ARC Actualité, ascenseurs/ 06 10 04 / ©

Ascenseurs : l’offensive


Suite à un début d’offensive commerciale et médiatique des ascensoristes sur les travaux de sécurité et alors même que les arrêtés permettant la mise en œuvre du décret du 9 septembre 2004 ne sont pas sortis, il n’est pas inutile de revenir sur certains aspects de ces dispositions et sur les réactions qu’il faut développer. N’hésitez pas également à consulter notre rubrique  " Abus en Vrac ".

    I. La sécurité " alibi "

    Il faut rappeler d’abord que, sous prétexte de sécurité des usagers liée essentiellement aux serrures des portes palières, le décret impose des mesures qui pour une grande partie, n’ont pas grand-chose à voir avec la sécurité des usagers :

    • huit mesures sur 17 concernent la sécurité du personnel qui aurait dû être traitée depuis 1995 si les ascensoristes étaient des gens vraiment préoccupés de sécurité et non simplement de commandes de travaux !
    • certaines des mesures coûteuses qui sont imposées concernent plus le confort que la sécurité (absence totale de contact avec les portes coulissantes par exemple ; imposition d’un niveau de précision qui a failli frisé le ridicule (1 centimètre !) ;
    • d’autres mesures concernent des dangers illusoires (exemple : lutter contre la survitesse des ascenseurs en montée !!

    La preuve de ces exagérations est d’ailleurs que depuis deux ans nous avons réussi obtenir que la raison reprenne le dessus sur des points importants :

      • le degré de précision d’arrêt a été remonté à 2 centimètres (ainsi des réglages seront possibles là où seuls de nouveaux appareils coûteux auraient pu satisfaire aux nouvelles exigences ;
      • les installations actuelles dites " contacts de choc " pourront être maintenues ;
      • le parachute en montée ne concernera que les ascenseurs de plus de 300 KG ;
      • les mesures anti-vandales dans les zones urbaines sensibles ne seront pas obligatoires, etc.
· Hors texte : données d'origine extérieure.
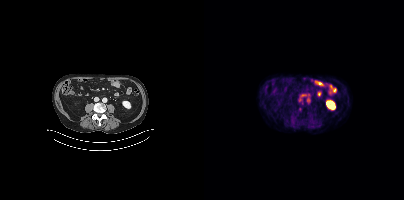
{"pet_grid":[200,200],"coord_frame":"pet_panel","coord_format":"x0,y0,x1,y1","psma_avid_lesions":false,"modality":"PSMA PET/CT","view":"axial","tracer":"18F-PSMA"}
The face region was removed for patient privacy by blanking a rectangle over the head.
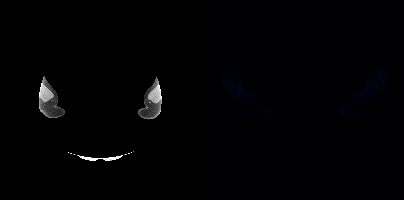
No PSMA-avid tumor lesions on this slice.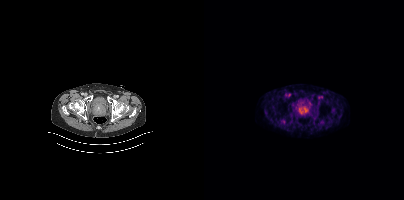
Coordinates are on the 200×200 PET (right) panel. PSMA-avid tumor lesion bounding box (x, y, width, height): x=93 y=104 w=14 h=12.
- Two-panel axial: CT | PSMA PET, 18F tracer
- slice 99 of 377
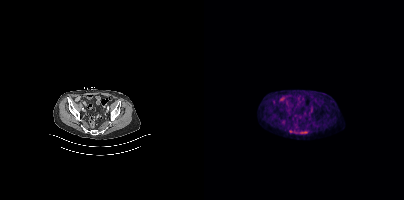
Findings: No tumor lesions annotated on this slice.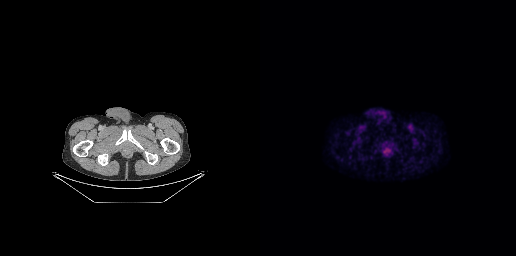
{"modality":"PSMA PET/CT","view":"axial","tracer":"18F","pet_grid":[256,256],"coord_frame":"pet_panel","coord_format":"x0,y0,x1,y1","lesion_bboxes":[[122,146,130,154]]}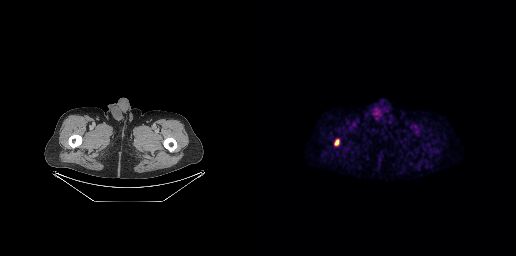
Left: CT. Right: PSMA PET, same axial level, 18F-PSMA tracer. Acquired on GE Discovery 690.
Coordinates are on the 256×256 PET (right) panel. PSMA-avid tumor lesion bounding boxes:
| # | x0 | y0 | x1 | y1 |
|---|---|---|---|---|
| 1 | 75 | 140 | 78 | 145 |
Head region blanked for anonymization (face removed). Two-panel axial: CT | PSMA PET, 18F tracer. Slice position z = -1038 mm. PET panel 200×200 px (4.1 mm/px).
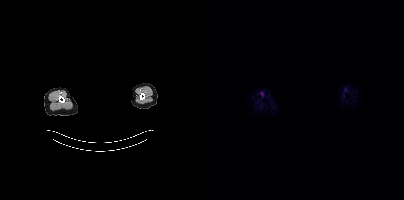
No PSMA-avid tumor lesions on this slice.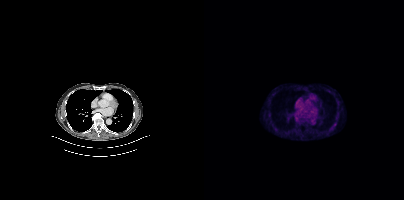
{"modality":"PSMA PET/CT","view":"axial","tracer":"[18F]PSMA-1007","pet_grid":[200,200],"coord_frame":"pet_panel","coord_format":"x0,y0,x1,y1","lesion_bboxes":[],"small_foci_centers":[[130,124]]}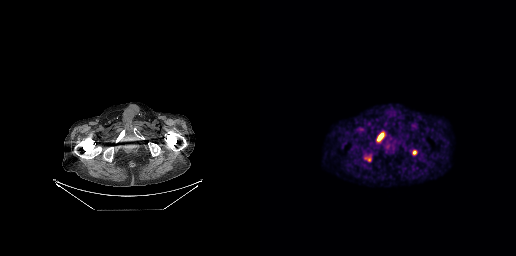
{"modality":"PSMA PET/CT","view":"axial","tracer":"[18F]PSMA-1007","pet_grid":[256,256],"coord_frame":"pet_panel","coord_format":"x0,y0,x1,y1","lesion_bboxes":[[117,133,123,141]],"small_foci_centers":[[154,152]]}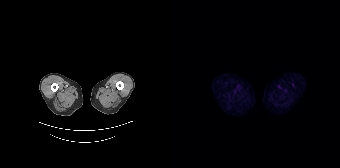
Negative for PSMA-avid disease on this slice.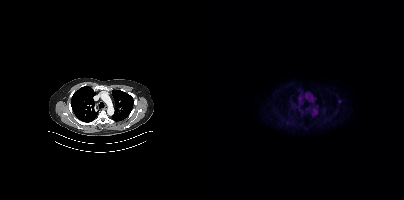
Coordinates are on the 200×200 PET (right) panel. Small PSMA-avid focus (2 to 4 px across) near (center x, center y): (135, 101).
modality: PSMA PET/CT | tracer: 18F-PSMA | view: axial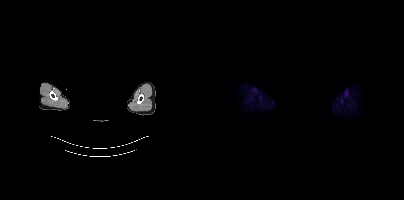
{"modality":"PSMA PET/CT","view":"axial","tracer":"18F","pet_grid":[200,200],"coord_frame":"pet_panel","coord_format":"x0,y0,x1,y1","deidentification":"head region blacked out before release","psma_avid_lesions":false}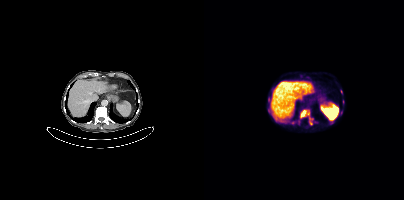
Paired axial CT (left) and PSMA PET (right), 18F tracer. Slice position z = 46 mm. Coordinates are on the 200×200 PET (right) panel. PSMA-avid tumor lesion bounding box (x0, y0)-(x1, y1): (96, 110)-(108, 124).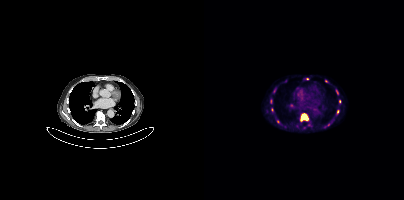
Findings: Coordinates are on the 200×200 PET (right) panel. (showing 4 of 7 foci) PSMA-avid tumor lesion bounding box (x0,y0,x1,y1): [96,113,104,121]. Small PSMA-avid foci (2 to 4 px across) near (center x, center y): (134, 111) (103, 78) (135, 101).
Technique: Paired axial CT (left) and PSMA PET (right), 18F tracer. PET panel 200×200 px (4.1 mm/px).
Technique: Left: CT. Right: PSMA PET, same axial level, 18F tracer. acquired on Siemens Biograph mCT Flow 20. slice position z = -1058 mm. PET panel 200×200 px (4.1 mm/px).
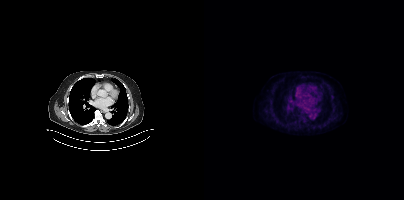
Findings: This slice has no annotated PSMA-avid lesion.
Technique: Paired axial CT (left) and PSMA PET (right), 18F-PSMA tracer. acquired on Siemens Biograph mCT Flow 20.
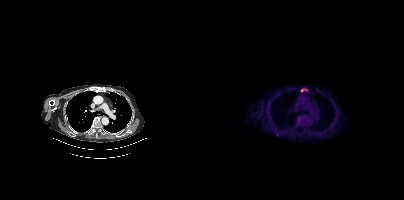
Findings: Coordinates are on the 200×200 PET (right) panel. PSMA-avid tumor lesion bounding box (x0,y0,x1,y1): [97,89,103,91].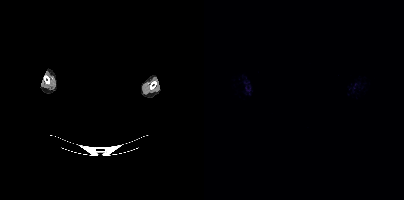
- the head region is masked for de-identification
- Two-panel axial: CT | PSMA PET, 18F tracer
- slice position z = -238 mm
- PET panel 200×200 px (4.1 mm/px)
Findings: No tumor lesions annotated on this slice.

    Ces victoires sont cependant très insuffisantes face à l’appétit dévorant des ascensoristes.

      II. Un rapport de force très inégal

    Aujourd’hui, malgré le travail remarquable (et un peu solitaire) de l’ARC nous savons que la partie ne va pas être facile, car les ascensoristes vont non seulement agiter de nombreux arguments pour imposer les travaux les plus coûteux mais utiliser les bonnes vieilles méthodes que nous combattons chaque jour.

     

     

    • Les arguments des ascensoristes

    Nous les entendons déjà :

        1. " attention aux risques judiciaires en cas du moindre problème " ;
        2. " attention à la fin de la TVA à 5 % " ;
        3. " attention - si vous retardez les travaux - à l’effet embouteillage plus inflation " et bien d’autres…

    • Les méthodes

    Nous les connaissons :

    a) continuer à assurer une maintenance médiocre pour justifier le changement de gros matériel ou l’impossibilité d’assurer les objectifs de sécurité avec le matériel en place ;

    b) peser sur les syndics et leur peur des conséquences judiciaires d’une part, utiliser la capacité de certains à " orienter " les assemblées générales (vieilles dames ; mandats permanents ; absents…) ;

      1. rendre difficile la mise en concurrence au prétexte que les installations sont sous leur responsabilité, etc.

      III. Une bataille continue pendant des années

      Oui, pendant des mois et des années il va falloir se battre ; pourquoi ?

            1. parce que les ascensoristes vont faire passer pour obligatoires des travaux qui ne le sont pas forcément en confondant allégrement mise aux normes et mise en sécurité et en ayant une lecture maximaliste des obligations de mise en sécurité (exemple : protection contre les petits chocs de porte…) ;
            2. parce que l’opacité volontaire de leur devis hors de prix est une mine de pièges et d’indélicatesses comme nous le prouvons tous les jours dans notre rubrique " abus en vrac " sur notre site Internet ;
            3. parce que qu’ils vont tenter d’imposer avec des arguments compliqués des dispositifs sophistiqués soi-disant plus fiables (exemple : variateur de fréquence ; télésurveillance) que l’on pourrait remplacer par des dispositifs coûtant moins chers ;
            4. parce qu’ils vont chercher à imposer des nouveaux contrats en augmentation (plus 10 à 20 %) truffés de clauses plus subtiles les unes que les autres, là aussi génératrice de surcoût.

     

    Comment éviter la catastrophe programmée ?

    - en aidant les copropriétaires, comme nous essayons de le faire, à démystifier cette problématique sécuritaire ;

    - en leur expliquant comment procèdent les ascensoristes pour imposer des mesures excessives, inutiles et coûteuses ;

    - en leur montrant qu’en résistant un peu on peut diviser la facture en DEUX.